- _WORK TO COMPLETE_
Copy the data that follows, character for character, minus the pictures.

Records from a data source:

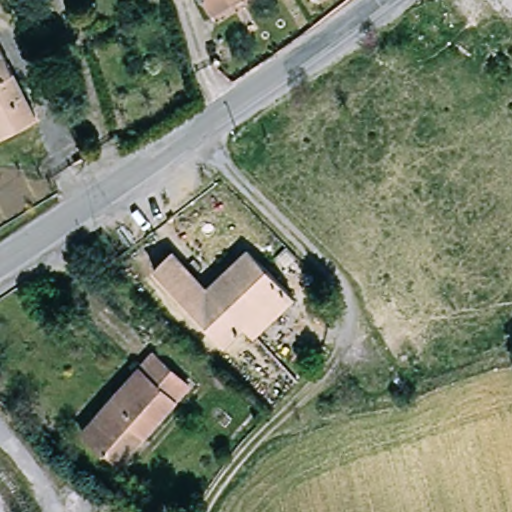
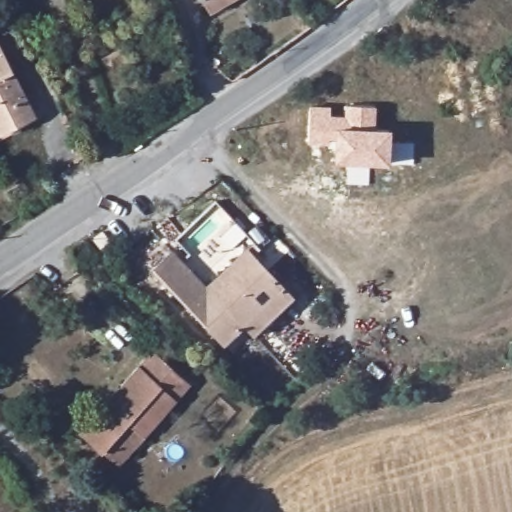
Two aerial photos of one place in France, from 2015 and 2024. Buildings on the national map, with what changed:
unchanged [(206,2),(205,0),(210,0),(206,2)]
unchanged [(0,133),(0,52),(32,117),(0,133)]
new [(330,105),(330,114),(345,114),(345,104),(375,105),(375,127),(391,128),(389,164),(333,160),(335,137),(329,139),(329,143),(308,142),(310,105),(330,105)]
demolished [(121,231),(115,236),(110,230),(117,226),(121,231)]
unchanged [(255,338),(243,325),(230,336),(223,343),(168,282),(155,270),(175,252),(207,286),(252,248),(287,289),(298,301),(255,338)]
unchanged [(100,455),(80,435),(150,355),(187,387),(142,436),(112,467),(100,455)]

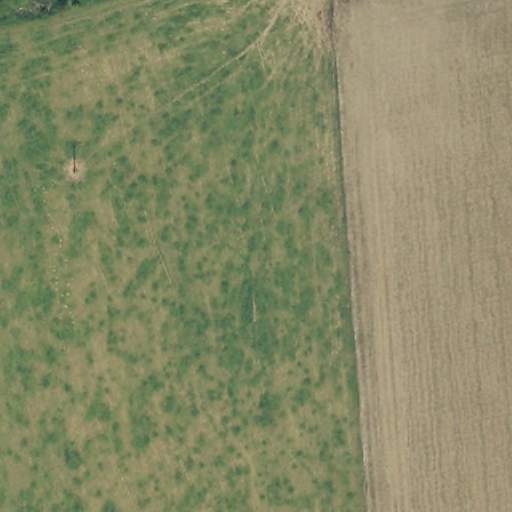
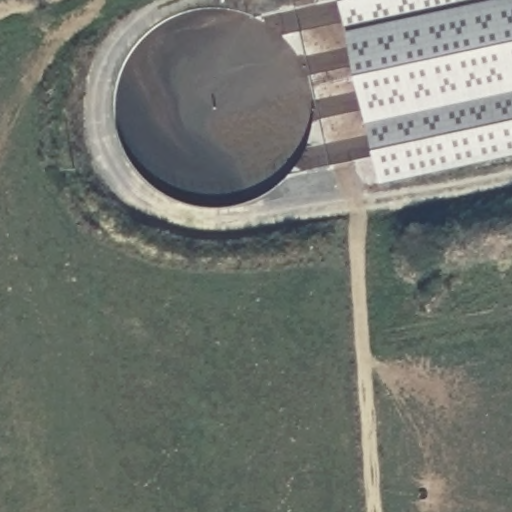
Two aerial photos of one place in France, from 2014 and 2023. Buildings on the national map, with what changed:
new [(381,182),(341,0),(512,0),(512,154),(381,182)]

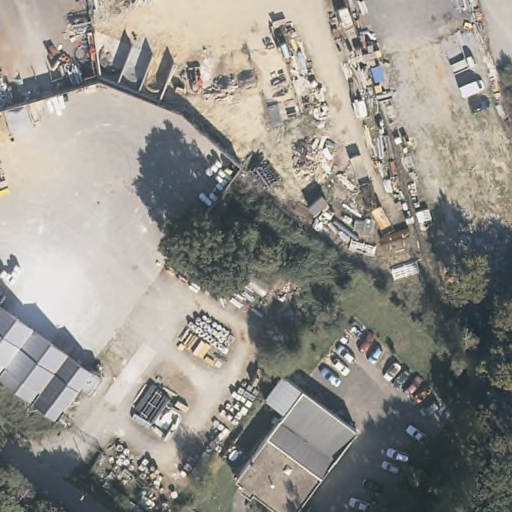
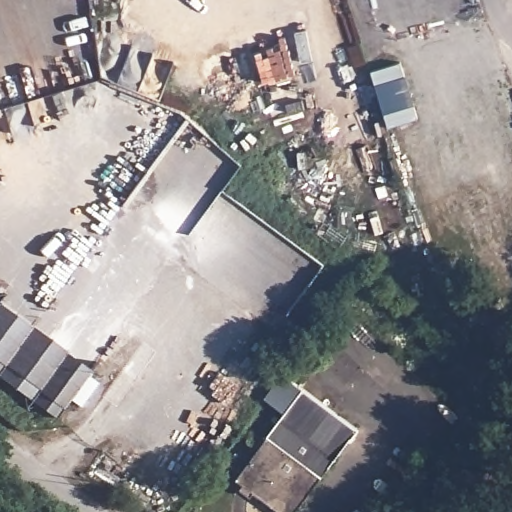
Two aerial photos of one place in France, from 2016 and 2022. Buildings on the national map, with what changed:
new [(398,61),(416,119),(383,129),(366,71),(398,61)]
unchanged [(87,364),(52,413),(0,375),(0,301),(87,364)]
unchanged [(353,428),(291,512),(275,512),(231,480),(299,388),(353,428)]

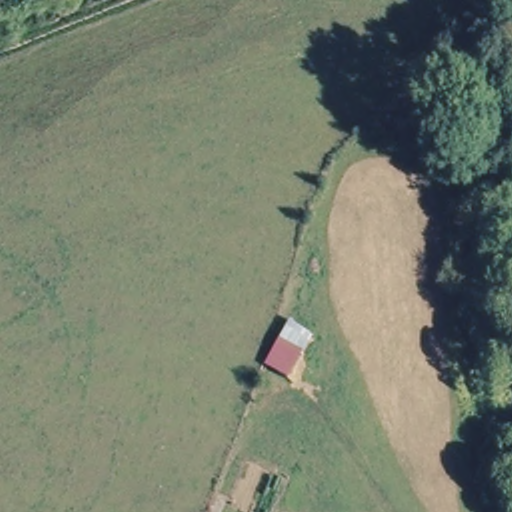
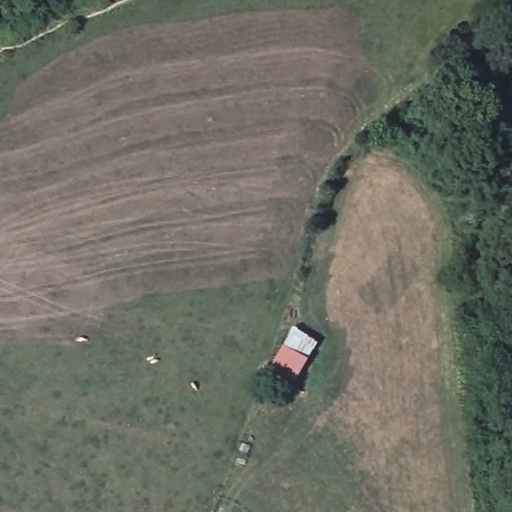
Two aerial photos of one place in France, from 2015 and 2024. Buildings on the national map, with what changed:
unchanged [(320,347),(294,392),(265,377),(292,329),(320,347)]

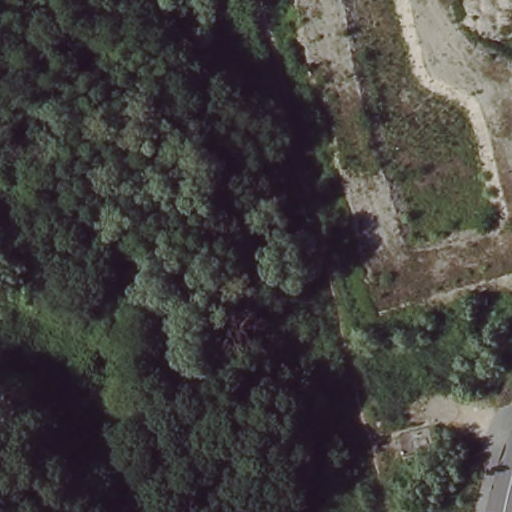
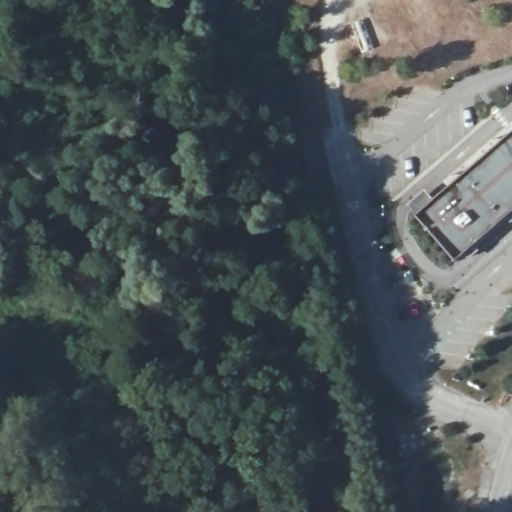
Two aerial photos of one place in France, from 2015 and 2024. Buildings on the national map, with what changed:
new [(425,189),(434,199),(512,130),(512,220),(510,223),(505,217),(474,244),(479,249),(469,259),(463,253),(455,260),(416,214),(408,204),(425,189)]
new [(390,288),(388,276),(411,270),(414,282),(390,288)]

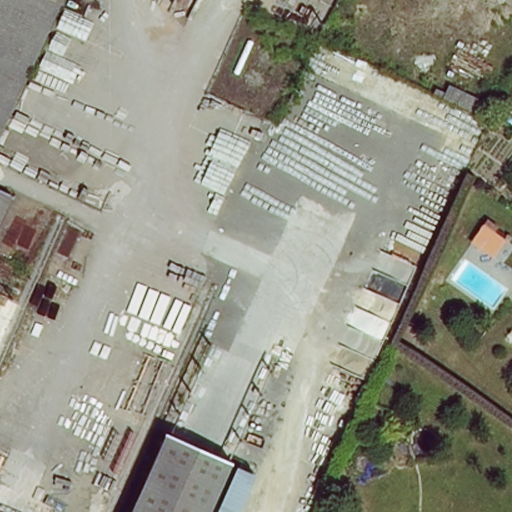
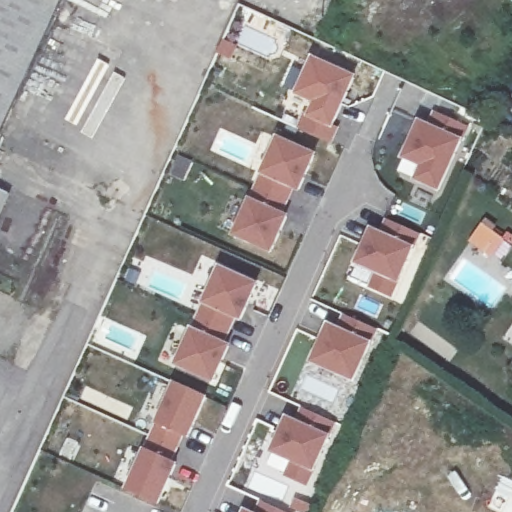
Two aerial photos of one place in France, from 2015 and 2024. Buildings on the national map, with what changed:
unchanged [(0,127),(0,0),(62,0),(0,127)]
new [(359,77),(337,127),(342,130),(335,145),(300,130),(307,115),(310,116),(315,104),(297,96),(314,57),(359,77)]
new [(430,124),(435,112),(472,130),(466,140),(442,194),(415,182),(423,167),(402,159),(420,119),(430,124)]
new [(319,156),(302,193),(297,191),(286,214),(292,216),(274,255),(234,237),(280,136),(319,156)]
unchanged [(0,223),(0,197),(11,202),(0,223)]
new [(382,231),(387,219),(423,236),(418,247),(402,284),(397,298),(370,289),(378,274),(355,265),(372,229),(382,231)]
new [(260,285),(244,322),(238,320),(229,344),(233,346),(214,383),(175,367),(220,267),(260,285)]
new [(340,329),(344,313),(380,330),(375,344),(356,383),(312,363),(329,324),(340,329)]
new [(209,398),(191,440),(185,437),(174,462),(180,465),(161,508),(127,492),(176,382),(209,398)]
new [(298,421),(304,408),(339,425),(332,437),(316,473),(310,488),(285,479),(292,463),(270,455),(288,417),(298,421)]
demolished [(126,512),(162,431),(233,462),(210,512),(126,512)]
new [(256,512),(262,502),(283,512),(256,512)]
new [(253,512),(244,512),(246,508),(253,512)]

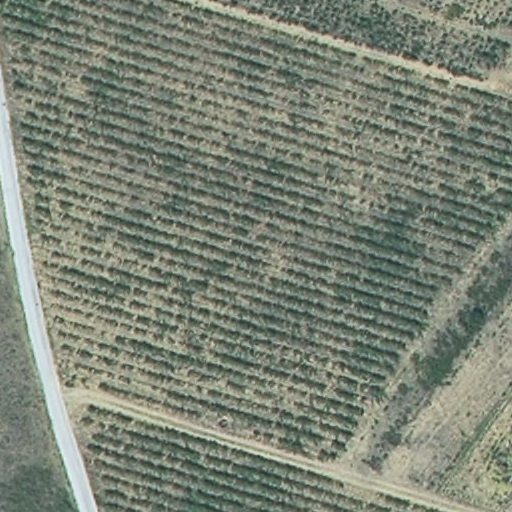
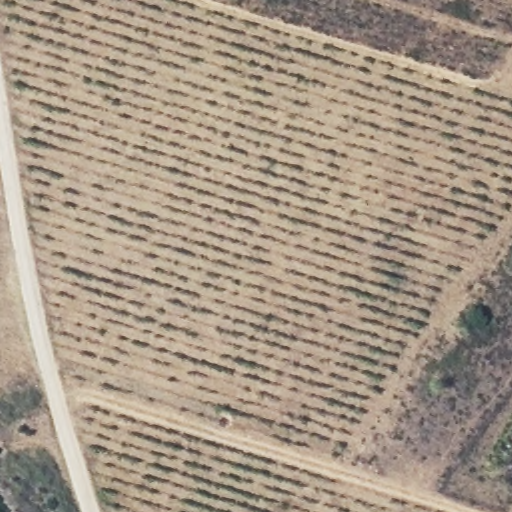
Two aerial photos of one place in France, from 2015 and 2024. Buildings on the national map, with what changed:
[]

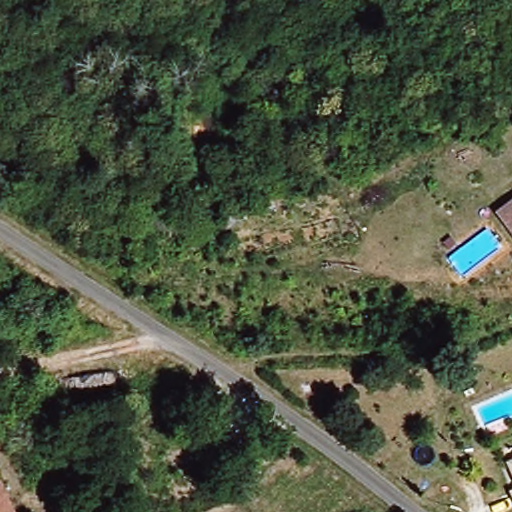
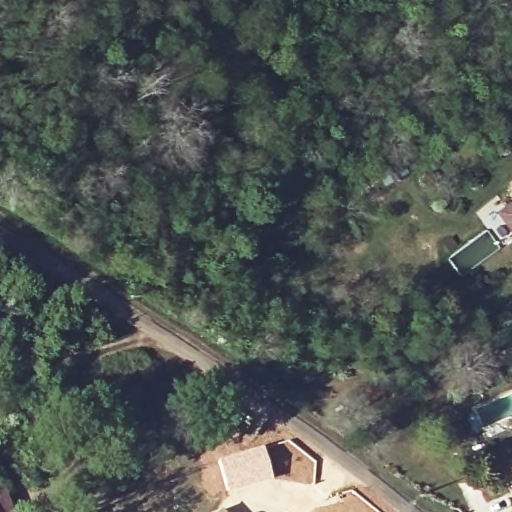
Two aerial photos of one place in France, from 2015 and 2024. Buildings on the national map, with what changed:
unchanged [(512,204),(512,228),(500,213),(512,204)]
new [(289,440),(316,461),(314,485),(286,481),(290,455),(287,454),(279,444),(278,444),(289,440)]
new [(265,446),(275,479),(227,494),(216,460),(265,446)]
unchanged [(512,458),(512,478),(505,461),(512,458)]
unchanged [(10,512),(0,512),(0,488),(10,512)]
new [(220,508),(224,512),(216,512),(220,508)]

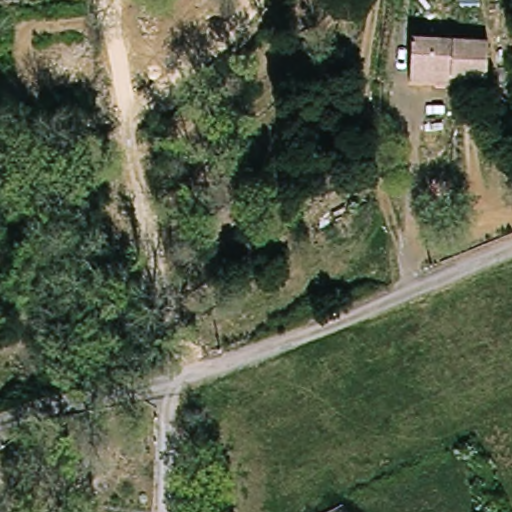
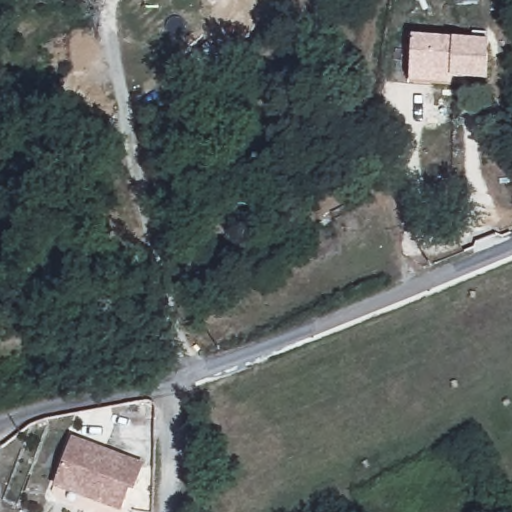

- _OUTPUT BELOW_
Two aerial photos of one place in France, from 2015 and 2024. Buildings on the national map, with what changed:
unchanged [(206,2),(205,0),(210,0),(206,2)]
unchanged [(0,133),(0,52),(32,117),(0,133)]
new [(330,105),(330,114),(345,114),(345,104),(375,105),(375,127),(391,128),(389,164),(333,160),(335,137),(329,139),(329,143),(308,142),(310,105),(330,105)]
demolished [(121,231),(115,236),(110,230),(117,226),(121,231)]
unchanged [(255,338),(243,325),(230,336),(223,343),(168,282),(155,270),(175,252),(207,286),(252,248),(287,289),(298,301),(255,338)]
unchanged [(100,455),(80,435),(150,355),(187,387),(142,436),(112,467),(100,455)]

Two aerial photos of one place in France, from 2014 and 2023. Buildings on the national map, with what changed:
new [(381,182),(341,0),(512,0),(512,154),(381,182)]

Two aerial photos of one place in France, from 2016 and 2022. Buildings on the national map, with what changed:
new [(398,61),(416,119),(383,129),(366,71),(398,61)]
unchanged [(87,364),(52,413),(0,375),(0,301),(87,364)]
unchanged [(353,428),(291,512),(275,512),(231,480),(299,388),(353,428)]

Two aerial photos of one place in France, from 2015 and 2024. Buildings on the national map, with what changed:
unchanged [(320,347),(294,392),(265,377),(292,329),(320,347)]

Two aerial photos of one place in France, from 2015 and 2024. Buildings on the national map, with what changed:
new [(425,189),(434,199),(512,130),(512,220),(510,223),(505,217),(474,244),(479,249),(469,259),(463,253),(455,260),(416,214),(408,204),(425,189)]
new [(390,288),(388,276),(411,270),(414,282),(390,288)]

Two aerial photos of one place in France, from 2015 and 2024. Buildings on the national map, with what changed:
unchanged [(0,127),(0,0),(62,0),(0,127)]
new [(359,77),(337,127),(342,130),(335,145),(300,130),(307,115),(310,116),(315,104),(297,96),(314,57),(359,77)]
new [(430,124),(435,112),(472,130),(466,140),(442,194),(415,182),(423,167),(402,159),(420,119),(430,124)]
new [(319,156),(302,193),(297,191),(286,214),(292,216),(274,255),(234,237),(280,136),(319,156)]
unchanged [(0,223),(0,197),(11,202),(0,223)]
new [(382,231),(387,219),(423,236),(418,247),(402,284),(397,298),(370,289),(378,274),(355,265),(372,229),(382,231)]
new [(260,285),(244,322),(238,320),(229,344),(233,346),(214,383),(175,367),(220,267),(260,285)]
new [(340,329),(344,313),(380,330),(375,344),(356,383),(312,363),(329,324),(340,329)]
new [(209,398),(191,440),(185,437),(174,462),(180,465),(161,508),(127,492),(176,382),(209,398)]
new [(298,421),(304,408),(339,425),(332,437),(316,473),(310,488),(285,479),(292,463),(270,455),(288,417),(298,421)]
demolished [(126,512),(162,431),(233,462),(210,512),(126,512)]
new [(256,512),(262,502),(283,512),(256,512)]
new [(253,512),(244,512),(246,508),(253,512)]

Two aerial photos of one place in France, from 2015 and 2024. Buildings on the national map, with what changed:
[]

Two aerial photos of one place in France, from 2015 and 2024. Buildings on the national map, with what changed:
unchanged [(512,204),(512,228),(500,213),(512,204)]
new [(289,440),(316,461),(314,485),(286,481),(290,455),(287,454),(279,444),(278,444),(289,440)]
new [(265,446),(275,479),(227,494),(216,460),(265,446)]
unchanged [(512,458),(512,478),(505,461),(512,458)]
unchanged [(10,512),(0,512),(0,488),(10,512)]
new [(220,508),(224,512),(216,512),(220,508)]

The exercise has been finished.